The required result is every line of the records that includes "image".

▶ [RECORDS PROVIDED]

* * *

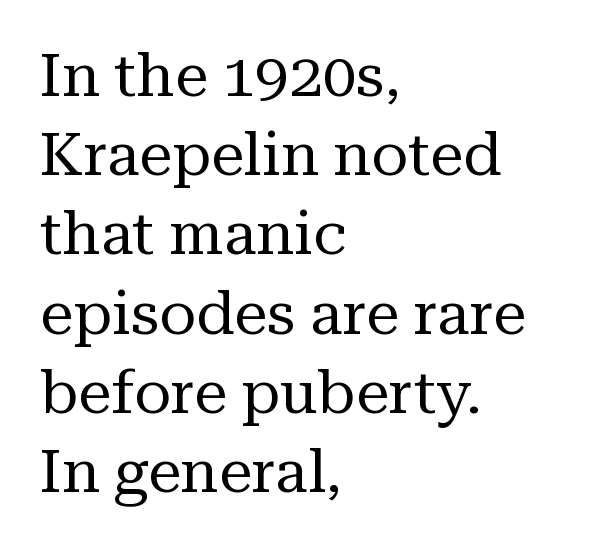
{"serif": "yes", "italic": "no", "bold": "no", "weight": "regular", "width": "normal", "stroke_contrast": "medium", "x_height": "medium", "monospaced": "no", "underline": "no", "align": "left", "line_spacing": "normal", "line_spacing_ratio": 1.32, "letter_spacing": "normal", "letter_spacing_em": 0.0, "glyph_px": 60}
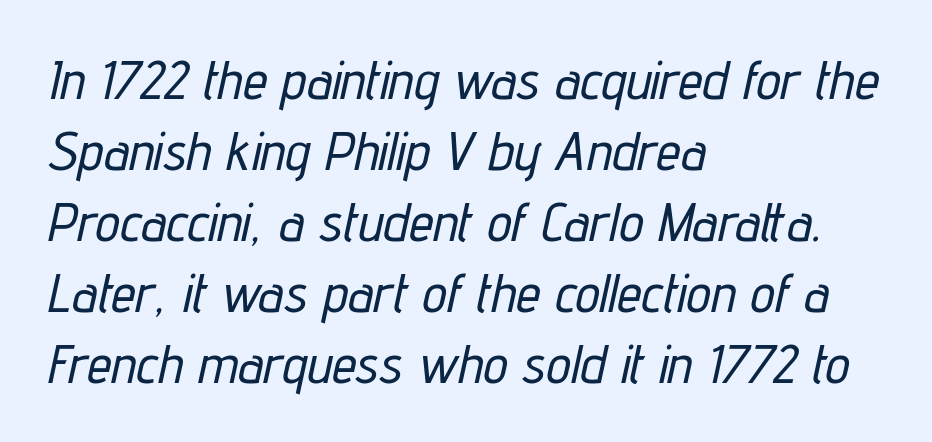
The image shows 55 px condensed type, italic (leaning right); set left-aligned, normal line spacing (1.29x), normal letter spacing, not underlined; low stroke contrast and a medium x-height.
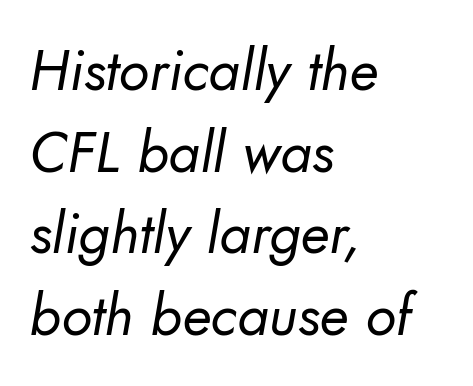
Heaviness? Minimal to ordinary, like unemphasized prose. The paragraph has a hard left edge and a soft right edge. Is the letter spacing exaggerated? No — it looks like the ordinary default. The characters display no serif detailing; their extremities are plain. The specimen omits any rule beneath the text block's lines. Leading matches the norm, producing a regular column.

* * *

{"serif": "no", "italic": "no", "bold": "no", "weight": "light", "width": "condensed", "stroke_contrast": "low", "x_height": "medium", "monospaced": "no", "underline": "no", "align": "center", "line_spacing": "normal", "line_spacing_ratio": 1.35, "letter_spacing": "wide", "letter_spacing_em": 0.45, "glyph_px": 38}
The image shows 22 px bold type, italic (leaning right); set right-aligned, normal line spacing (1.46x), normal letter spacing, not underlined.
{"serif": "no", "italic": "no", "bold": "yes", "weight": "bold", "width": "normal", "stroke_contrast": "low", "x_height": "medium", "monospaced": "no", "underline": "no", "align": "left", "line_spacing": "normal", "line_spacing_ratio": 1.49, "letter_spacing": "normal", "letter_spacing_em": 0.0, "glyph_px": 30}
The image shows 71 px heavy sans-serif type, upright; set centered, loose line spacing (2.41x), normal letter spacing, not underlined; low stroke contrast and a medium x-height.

* * *

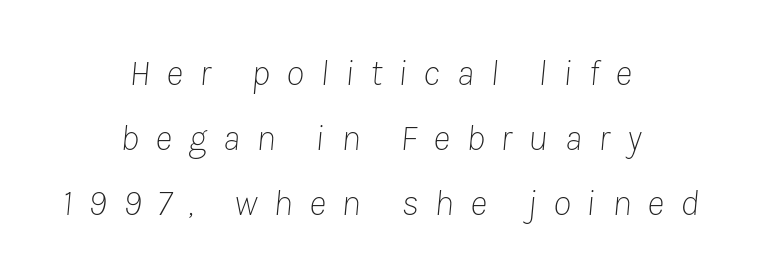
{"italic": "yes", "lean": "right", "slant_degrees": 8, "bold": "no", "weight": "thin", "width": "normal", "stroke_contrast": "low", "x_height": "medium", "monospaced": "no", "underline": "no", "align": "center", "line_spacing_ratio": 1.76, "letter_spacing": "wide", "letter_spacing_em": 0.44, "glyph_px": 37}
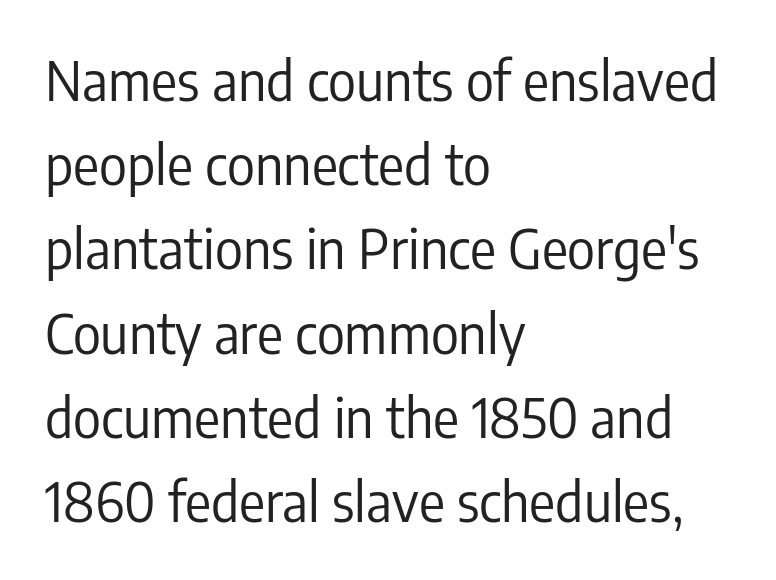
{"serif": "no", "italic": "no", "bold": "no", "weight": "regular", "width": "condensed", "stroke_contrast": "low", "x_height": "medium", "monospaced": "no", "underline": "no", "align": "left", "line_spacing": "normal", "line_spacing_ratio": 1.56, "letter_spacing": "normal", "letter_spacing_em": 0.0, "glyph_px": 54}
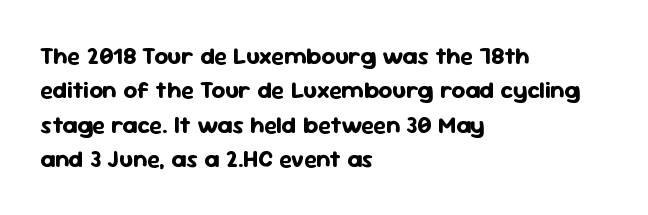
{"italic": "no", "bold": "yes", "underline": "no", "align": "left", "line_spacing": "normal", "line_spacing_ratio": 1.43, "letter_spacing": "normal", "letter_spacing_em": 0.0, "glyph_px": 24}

* * *

▶ [RESPONSE BOX]
The image shows 55 px condensed type, italic (leaning right); set left-aligned, normal line spacing (1.29x), normal letter spacing, not underlined; low stroke contrast and a medium x-height.
The image shows 22 px bold type, italic (leaning right); set right-aligned, normal line spacing (1.46x), normal letter spacing, not underlined.
The image shows 71 px heavy sans-serif type, upright; set centered, loose line spacing (2.41x), normal letter spacing, not underlined; low stroke contrast and a medium x-height.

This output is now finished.